**Dataset entries**
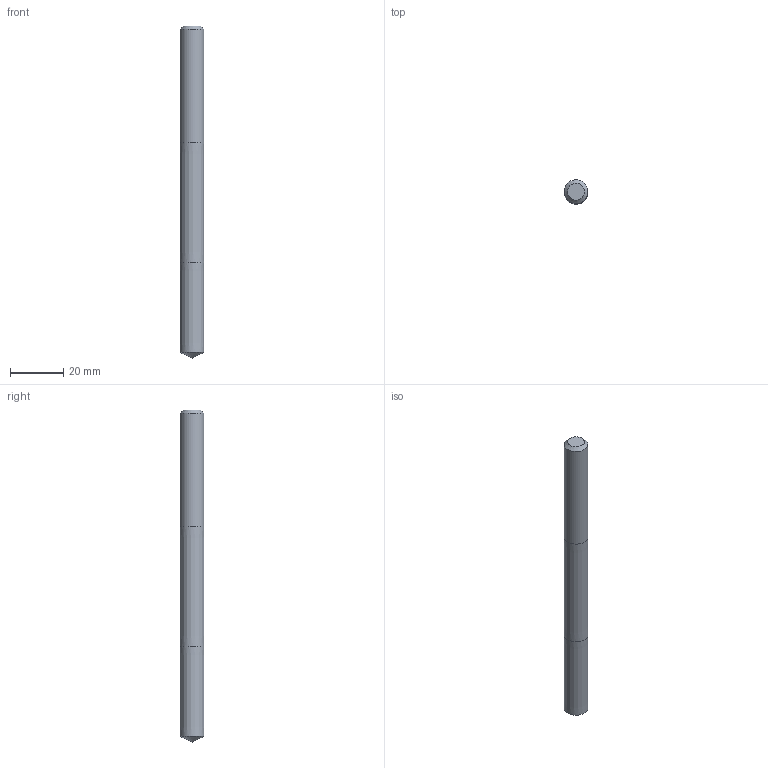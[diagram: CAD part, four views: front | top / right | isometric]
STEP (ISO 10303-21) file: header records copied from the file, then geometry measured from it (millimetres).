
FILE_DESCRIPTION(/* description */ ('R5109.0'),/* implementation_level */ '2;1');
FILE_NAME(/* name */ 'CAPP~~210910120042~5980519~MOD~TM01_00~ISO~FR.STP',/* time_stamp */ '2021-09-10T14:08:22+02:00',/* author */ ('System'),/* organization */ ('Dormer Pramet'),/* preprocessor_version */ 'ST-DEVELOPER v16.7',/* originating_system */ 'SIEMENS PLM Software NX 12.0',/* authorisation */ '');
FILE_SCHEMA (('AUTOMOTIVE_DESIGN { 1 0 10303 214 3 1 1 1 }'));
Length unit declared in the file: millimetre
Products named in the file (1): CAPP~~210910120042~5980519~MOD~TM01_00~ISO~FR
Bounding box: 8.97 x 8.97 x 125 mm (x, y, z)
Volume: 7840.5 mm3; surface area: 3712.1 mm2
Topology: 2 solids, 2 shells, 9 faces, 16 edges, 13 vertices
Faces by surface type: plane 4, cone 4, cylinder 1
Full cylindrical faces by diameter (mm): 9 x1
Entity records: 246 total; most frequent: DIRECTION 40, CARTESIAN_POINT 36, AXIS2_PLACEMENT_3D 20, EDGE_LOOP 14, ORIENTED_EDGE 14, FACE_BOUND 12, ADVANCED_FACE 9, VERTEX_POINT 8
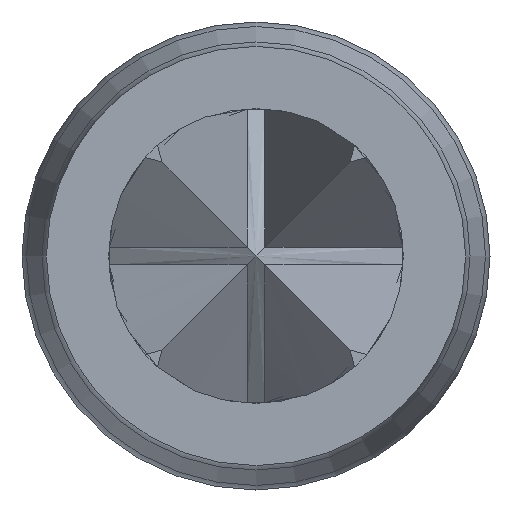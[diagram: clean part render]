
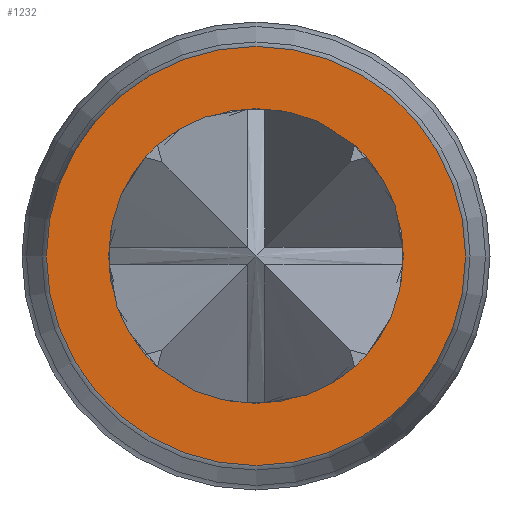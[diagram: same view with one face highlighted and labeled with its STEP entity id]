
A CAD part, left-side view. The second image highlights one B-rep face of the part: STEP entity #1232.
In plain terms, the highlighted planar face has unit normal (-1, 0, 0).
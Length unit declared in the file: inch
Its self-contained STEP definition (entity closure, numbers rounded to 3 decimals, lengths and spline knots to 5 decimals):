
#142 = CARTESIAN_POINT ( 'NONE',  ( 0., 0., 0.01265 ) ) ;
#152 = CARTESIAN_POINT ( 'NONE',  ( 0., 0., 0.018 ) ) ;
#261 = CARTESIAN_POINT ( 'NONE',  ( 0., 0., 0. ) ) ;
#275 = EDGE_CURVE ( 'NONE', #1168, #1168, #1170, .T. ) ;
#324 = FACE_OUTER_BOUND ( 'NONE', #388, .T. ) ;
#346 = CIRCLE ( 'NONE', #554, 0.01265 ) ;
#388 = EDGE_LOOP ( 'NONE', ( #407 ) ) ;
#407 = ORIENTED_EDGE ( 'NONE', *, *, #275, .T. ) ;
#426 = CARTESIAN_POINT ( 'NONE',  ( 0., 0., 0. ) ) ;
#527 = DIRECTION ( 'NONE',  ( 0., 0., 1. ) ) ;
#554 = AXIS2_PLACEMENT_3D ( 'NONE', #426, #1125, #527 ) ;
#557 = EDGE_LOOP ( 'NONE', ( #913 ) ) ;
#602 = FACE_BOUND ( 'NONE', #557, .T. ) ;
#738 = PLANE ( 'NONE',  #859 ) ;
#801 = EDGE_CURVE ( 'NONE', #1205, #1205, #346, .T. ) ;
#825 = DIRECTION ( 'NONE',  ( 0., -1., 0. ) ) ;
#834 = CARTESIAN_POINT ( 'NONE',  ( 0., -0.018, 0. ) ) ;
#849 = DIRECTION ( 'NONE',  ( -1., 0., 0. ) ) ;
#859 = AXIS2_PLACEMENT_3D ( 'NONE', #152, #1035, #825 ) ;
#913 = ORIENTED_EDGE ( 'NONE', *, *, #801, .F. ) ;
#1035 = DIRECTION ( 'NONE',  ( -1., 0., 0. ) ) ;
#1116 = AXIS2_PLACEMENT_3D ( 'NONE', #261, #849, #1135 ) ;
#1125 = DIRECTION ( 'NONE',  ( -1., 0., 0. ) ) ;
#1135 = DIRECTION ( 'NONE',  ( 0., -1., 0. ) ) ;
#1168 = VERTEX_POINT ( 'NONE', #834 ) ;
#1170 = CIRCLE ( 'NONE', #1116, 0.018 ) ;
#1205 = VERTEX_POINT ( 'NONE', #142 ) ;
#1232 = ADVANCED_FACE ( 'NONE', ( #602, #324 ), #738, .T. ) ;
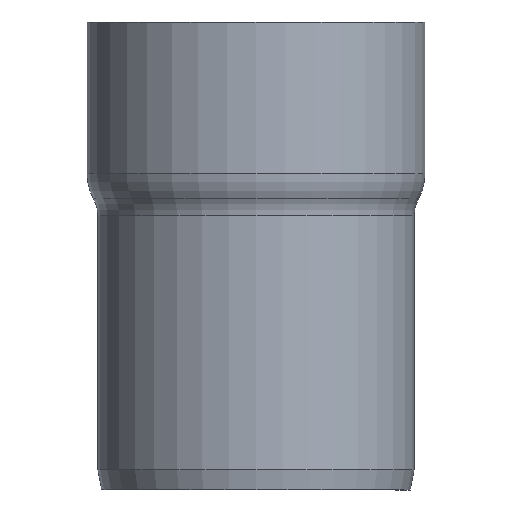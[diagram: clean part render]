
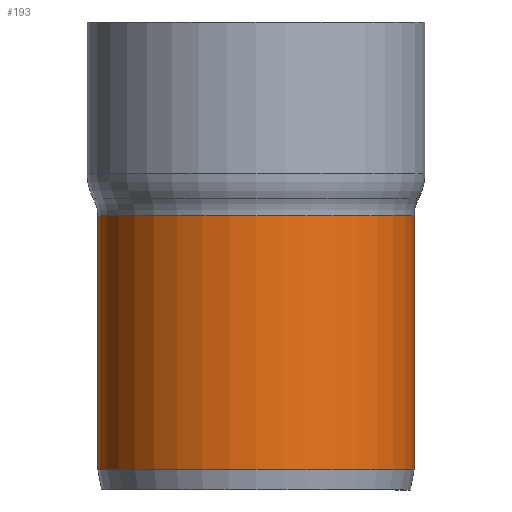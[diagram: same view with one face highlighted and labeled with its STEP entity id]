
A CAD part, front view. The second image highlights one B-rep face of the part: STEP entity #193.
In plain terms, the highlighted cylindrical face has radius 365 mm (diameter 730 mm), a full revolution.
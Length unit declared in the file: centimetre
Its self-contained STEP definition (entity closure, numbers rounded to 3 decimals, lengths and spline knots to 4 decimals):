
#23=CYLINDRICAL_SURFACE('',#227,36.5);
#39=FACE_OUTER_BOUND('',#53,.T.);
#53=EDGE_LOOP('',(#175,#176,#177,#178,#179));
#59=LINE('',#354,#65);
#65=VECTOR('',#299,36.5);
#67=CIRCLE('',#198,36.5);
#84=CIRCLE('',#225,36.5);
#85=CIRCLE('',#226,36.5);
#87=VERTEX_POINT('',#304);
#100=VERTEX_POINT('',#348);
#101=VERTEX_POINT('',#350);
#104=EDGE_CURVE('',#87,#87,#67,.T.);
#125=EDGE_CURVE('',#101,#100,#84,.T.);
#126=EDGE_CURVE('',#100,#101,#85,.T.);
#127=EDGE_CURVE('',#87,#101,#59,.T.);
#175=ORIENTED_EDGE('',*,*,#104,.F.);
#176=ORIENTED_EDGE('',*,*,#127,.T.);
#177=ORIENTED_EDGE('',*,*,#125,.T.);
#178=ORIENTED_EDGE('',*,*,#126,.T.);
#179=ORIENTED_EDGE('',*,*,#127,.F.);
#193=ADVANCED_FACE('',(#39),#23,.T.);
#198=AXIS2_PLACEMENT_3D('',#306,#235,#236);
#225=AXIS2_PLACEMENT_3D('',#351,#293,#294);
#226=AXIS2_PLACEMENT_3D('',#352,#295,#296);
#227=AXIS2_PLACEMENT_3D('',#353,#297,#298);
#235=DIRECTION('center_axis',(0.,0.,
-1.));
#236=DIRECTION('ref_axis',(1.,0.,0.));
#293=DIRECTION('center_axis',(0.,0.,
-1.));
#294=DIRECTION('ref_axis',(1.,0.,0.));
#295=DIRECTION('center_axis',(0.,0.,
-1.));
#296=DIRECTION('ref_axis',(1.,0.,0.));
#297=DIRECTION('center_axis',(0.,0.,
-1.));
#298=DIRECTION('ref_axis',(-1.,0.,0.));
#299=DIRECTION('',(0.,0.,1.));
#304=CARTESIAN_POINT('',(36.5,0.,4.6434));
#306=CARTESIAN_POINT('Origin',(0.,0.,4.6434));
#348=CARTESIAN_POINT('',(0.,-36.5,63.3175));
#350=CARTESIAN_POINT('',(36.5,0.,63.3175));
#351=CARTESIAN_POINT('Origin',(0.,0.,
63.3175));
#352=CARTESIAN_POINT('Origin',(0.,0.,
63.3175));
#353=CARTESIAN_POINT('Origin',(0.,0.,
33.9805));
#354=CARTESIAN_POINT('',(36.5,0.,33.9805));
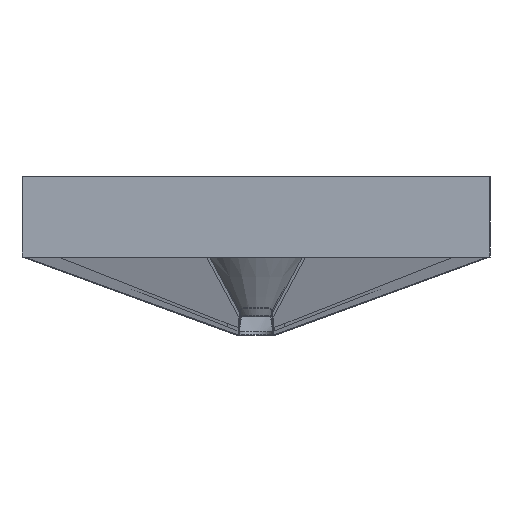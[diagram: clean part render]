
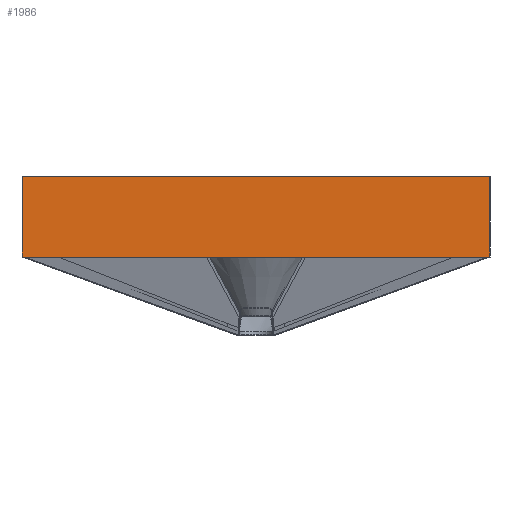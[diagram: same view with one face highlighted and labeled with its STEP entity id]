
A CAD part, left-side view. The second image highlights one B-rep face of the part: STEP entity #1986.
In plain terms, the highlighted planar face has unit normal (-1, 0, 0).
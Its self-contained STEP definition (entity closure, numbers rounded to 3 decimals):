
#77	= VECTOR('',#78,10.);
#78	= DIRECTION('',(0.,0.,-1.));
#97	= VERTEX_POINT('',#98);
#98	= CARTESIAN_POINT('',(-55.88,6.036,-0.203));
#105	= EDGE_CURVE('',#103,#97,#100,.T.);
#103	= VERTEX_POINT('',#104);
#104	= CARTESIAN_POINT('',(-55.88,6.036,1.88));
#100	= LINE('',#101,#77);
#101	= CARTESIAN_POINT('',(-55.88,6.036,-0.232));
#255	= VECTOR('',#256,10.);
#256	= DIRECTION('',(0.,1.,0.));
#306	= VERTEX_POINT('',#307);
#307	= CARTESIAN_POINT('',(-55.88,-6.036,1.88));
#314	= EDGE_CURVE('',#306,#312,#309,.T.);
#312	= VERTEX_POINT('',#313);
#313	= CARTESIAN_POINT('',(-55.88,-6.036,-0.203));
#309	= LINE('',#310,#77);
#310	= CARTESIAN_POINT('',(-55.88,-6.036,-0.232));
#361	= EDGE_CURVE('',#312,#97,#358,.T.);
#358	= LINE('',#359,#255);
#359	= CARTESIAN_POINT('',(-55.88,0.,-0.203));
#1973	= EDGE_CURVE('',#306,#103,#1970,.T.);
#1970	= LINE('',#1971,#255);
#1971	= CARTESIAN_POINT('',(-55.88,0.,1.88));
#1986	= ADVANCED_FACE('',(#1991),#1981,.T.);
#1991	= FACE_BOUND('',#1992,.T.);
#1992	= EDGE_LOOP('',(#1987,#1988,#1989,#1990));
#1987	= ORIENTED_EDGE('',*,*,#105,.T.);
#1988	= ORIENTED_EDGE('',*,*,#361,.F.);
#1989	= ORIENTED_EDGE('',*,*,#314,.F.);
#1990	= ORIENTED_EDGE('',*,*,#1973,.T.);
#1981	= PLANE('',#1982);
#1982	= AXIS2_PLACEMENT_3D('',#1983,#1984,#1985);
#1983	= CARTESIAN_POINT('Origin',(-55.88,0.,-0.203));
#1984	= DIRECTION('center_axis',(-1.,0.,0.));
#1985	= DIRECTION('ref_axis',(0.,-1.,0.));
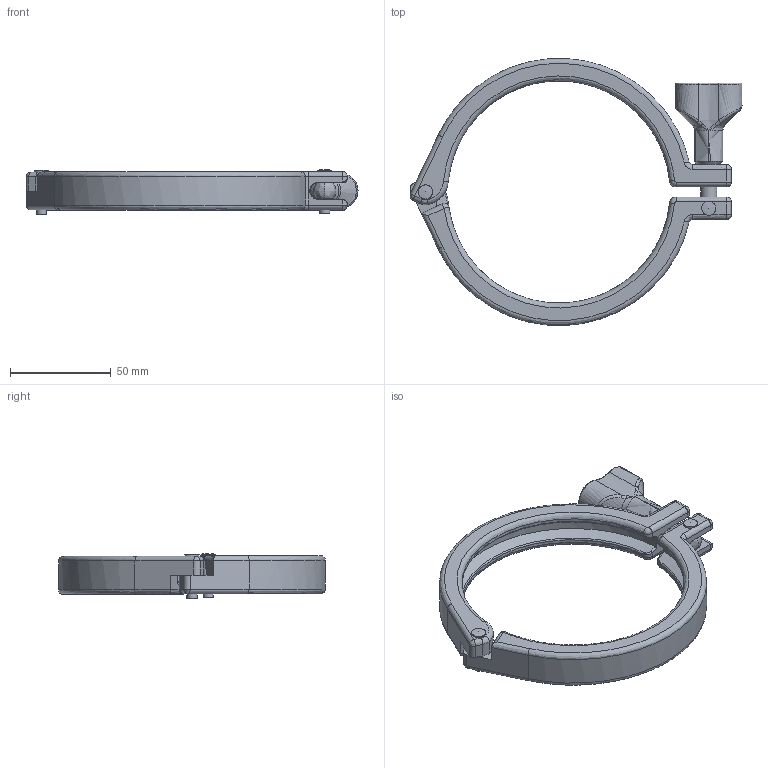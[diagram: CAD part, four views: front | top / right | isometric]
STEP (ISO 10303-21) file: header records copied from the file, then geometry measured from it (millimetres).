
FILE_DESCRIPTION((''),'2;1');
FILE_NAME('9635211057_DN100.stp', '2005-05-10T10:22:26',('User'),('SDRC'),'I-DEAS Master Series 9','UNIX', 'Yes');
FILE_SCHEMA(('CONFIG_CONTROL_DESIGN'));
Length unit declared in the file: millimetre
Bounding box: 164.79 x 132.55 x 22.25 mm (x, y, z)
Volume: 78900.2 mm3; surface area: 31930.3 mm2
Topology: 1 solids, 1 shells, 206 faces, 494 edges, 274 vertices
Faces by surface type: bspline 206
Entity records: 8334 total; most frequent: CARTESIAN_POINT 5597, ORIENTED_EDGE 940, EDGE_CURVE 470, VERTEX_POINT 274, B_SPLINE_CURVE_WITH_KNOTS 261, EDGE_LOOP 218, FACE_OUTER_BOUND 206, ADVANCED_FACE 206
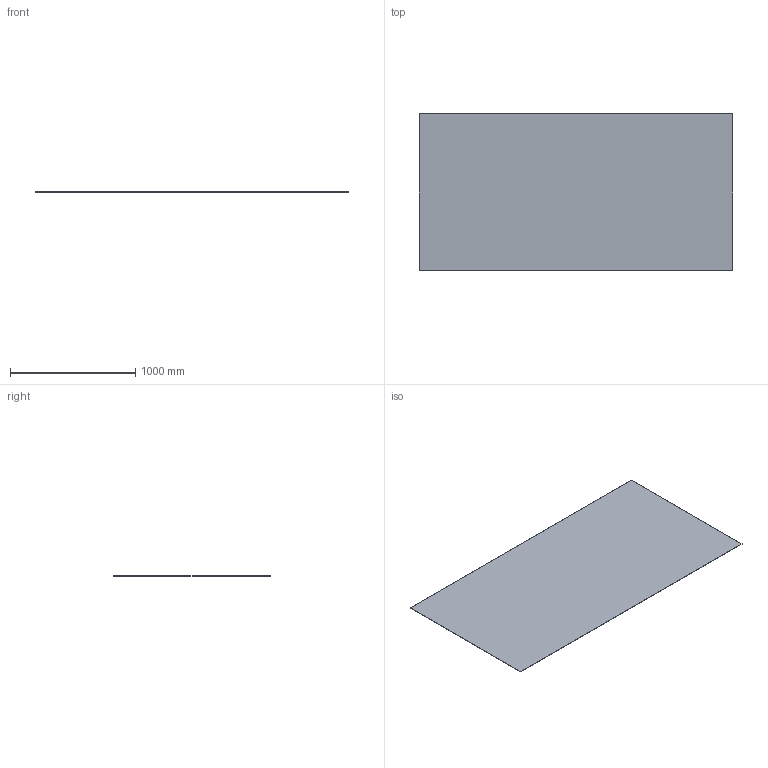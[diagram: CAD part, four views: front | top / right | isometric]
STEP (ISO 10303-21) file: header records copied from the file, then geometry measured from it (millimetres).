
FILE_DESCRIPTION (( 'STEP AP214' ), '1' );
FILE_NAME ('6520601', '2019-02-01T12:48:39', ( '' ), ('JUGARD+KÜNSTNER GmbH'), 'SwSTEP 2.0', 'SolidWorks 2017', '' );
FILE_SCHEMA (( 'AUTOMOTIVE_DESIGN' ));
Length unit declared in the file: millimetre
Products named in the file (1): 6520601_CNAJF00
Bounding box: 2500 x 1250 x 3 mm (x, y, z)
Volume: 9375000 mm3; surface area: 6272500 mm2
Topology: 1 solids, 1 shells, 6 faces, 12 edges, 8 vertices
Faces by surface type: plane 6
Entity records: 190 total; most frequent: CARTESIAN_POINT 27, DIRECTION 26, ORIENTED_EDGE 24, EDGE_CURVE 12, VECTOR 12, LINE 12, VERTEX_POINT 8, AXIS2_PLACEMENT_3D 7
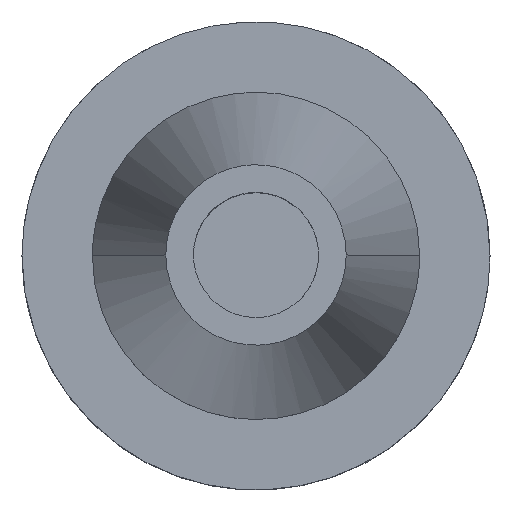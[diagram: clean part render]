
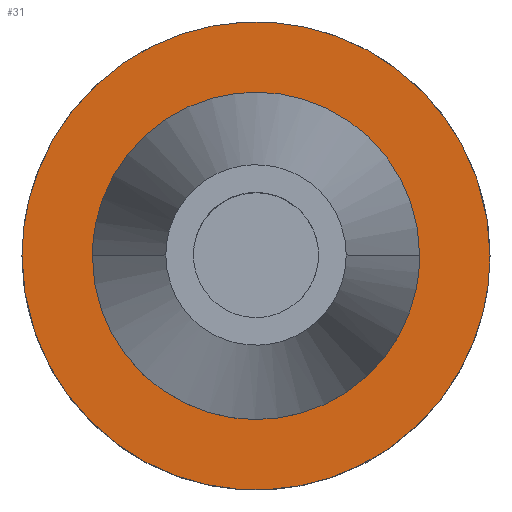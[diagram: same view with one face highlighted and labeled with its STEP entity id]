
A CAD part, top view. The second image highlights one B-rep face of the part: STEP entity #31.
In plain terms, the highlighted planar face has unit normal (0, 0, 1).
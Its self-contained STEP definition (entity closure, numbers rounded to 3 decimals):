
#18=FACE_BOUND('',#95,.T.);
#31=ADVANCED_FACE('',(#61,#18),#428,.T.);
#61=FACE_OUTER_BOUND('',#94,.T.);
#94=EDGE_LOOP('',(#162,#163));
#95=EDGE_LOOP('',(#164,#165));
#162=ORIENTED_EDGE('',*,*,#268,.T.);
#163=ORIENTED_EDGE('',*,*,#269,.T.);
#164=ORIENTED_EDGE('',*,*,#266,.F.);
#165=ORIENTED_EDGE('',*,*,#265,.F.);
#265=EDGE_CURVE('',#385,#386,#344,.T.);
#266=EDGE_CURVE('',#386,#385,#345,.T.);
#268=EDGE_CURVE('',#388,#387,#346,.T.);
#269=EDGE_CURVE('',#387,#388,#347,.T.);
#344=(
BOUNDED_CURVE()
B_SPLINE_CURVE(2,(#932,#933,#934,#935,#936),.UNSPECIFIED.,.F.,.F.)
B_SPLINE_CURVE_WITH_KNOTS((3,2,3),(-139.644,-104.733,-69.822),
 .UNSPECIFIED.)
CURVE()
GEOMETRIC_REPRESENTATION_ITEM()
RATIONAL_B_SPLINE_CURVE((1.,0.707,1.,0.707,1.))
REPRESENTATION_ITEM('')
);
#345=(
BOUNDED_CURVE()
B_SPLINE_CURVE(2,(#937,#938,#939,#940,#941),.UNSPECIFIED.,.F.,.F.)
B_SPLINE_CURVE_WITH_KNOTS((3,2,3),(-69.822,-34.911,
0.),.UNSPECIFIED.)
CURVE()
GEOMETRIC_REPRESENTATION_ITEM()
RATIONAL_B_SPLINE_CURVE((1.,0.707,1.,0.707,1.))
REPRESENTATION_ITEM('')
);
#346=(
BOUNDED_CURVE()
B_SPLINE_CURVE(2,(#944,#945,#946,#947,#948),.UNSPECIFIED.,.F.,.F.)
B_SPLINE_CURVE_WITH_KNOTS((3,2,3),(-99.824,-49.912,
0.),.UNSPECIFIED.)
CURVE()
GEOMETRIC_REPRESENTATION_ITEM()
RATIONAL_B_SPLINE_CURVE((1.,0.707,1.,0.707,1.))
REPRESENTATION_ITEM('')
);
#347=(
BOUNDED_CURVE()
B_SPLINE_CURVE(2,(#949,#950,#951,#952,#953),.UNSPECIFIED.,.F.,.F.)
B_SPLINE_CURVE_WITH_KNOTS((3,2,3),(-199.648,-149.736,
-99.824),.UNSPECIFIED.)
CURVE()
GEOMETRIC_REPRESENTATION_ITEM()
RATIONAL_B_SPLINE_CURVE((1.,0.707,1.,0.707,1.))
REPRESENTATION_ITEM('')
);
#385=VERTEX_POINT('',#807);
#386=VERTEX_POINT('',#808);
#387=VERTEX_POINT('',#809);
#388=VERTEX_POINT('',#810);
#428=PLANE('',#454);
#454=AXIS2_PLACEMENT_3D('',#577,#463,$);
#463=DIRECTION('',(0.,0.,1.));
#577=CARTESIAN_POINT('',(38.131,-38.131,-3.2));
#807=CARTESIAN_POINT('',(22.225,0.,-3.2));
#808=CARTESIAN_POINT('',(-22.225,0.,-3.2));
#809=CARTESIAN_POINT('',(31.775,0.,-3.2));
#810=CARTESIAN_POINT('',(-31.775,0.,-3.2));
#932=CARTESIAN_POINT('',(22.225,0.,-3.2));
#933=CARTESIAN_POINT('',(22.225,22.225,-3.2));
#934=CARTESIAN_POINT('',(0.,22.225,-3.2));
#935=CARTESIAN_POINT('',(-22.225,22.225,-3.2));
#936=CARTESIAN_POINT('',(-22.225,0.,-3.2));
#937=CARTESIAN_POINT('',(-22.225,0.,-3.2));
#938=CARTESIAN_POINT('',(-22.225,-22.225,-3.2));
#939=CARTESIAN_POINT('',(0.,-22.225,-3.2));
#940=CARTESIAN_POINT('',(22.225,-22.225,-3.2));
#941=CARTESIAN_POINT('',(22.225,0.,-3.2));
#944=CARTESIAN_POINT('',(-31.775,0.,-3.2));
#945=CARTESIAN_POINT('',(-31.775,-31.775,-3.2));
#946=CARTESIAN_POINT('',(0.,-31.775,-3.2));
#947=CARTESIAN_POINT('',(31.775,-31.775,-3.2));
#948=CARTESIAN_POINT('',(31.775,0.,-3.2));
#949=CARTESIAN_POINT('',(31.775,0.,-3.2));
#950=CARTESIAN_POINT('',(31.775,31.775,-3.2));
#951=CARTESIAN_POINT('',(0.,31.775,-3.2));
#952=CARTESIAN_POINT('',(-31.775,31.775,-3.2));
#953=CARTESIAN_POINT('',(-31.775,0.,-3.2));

**THE PROBLEM**
Only the lines from where the data begins to the line with "FILE_DESCRIPTION(/* description */", both of them included, should be reproduced word for word; no pictures.

**ANSWER TO THIS PROBLEM**
[diagram: CAD part, four views: front | top / right | isometric]
STEP (ISO 10303-21) file: header records copied from the file, then geometry measured from it (millimetres).
FILE_DESCRIPTION(/* description */ ('R5109.0'),/* implementation_level */ '2;1');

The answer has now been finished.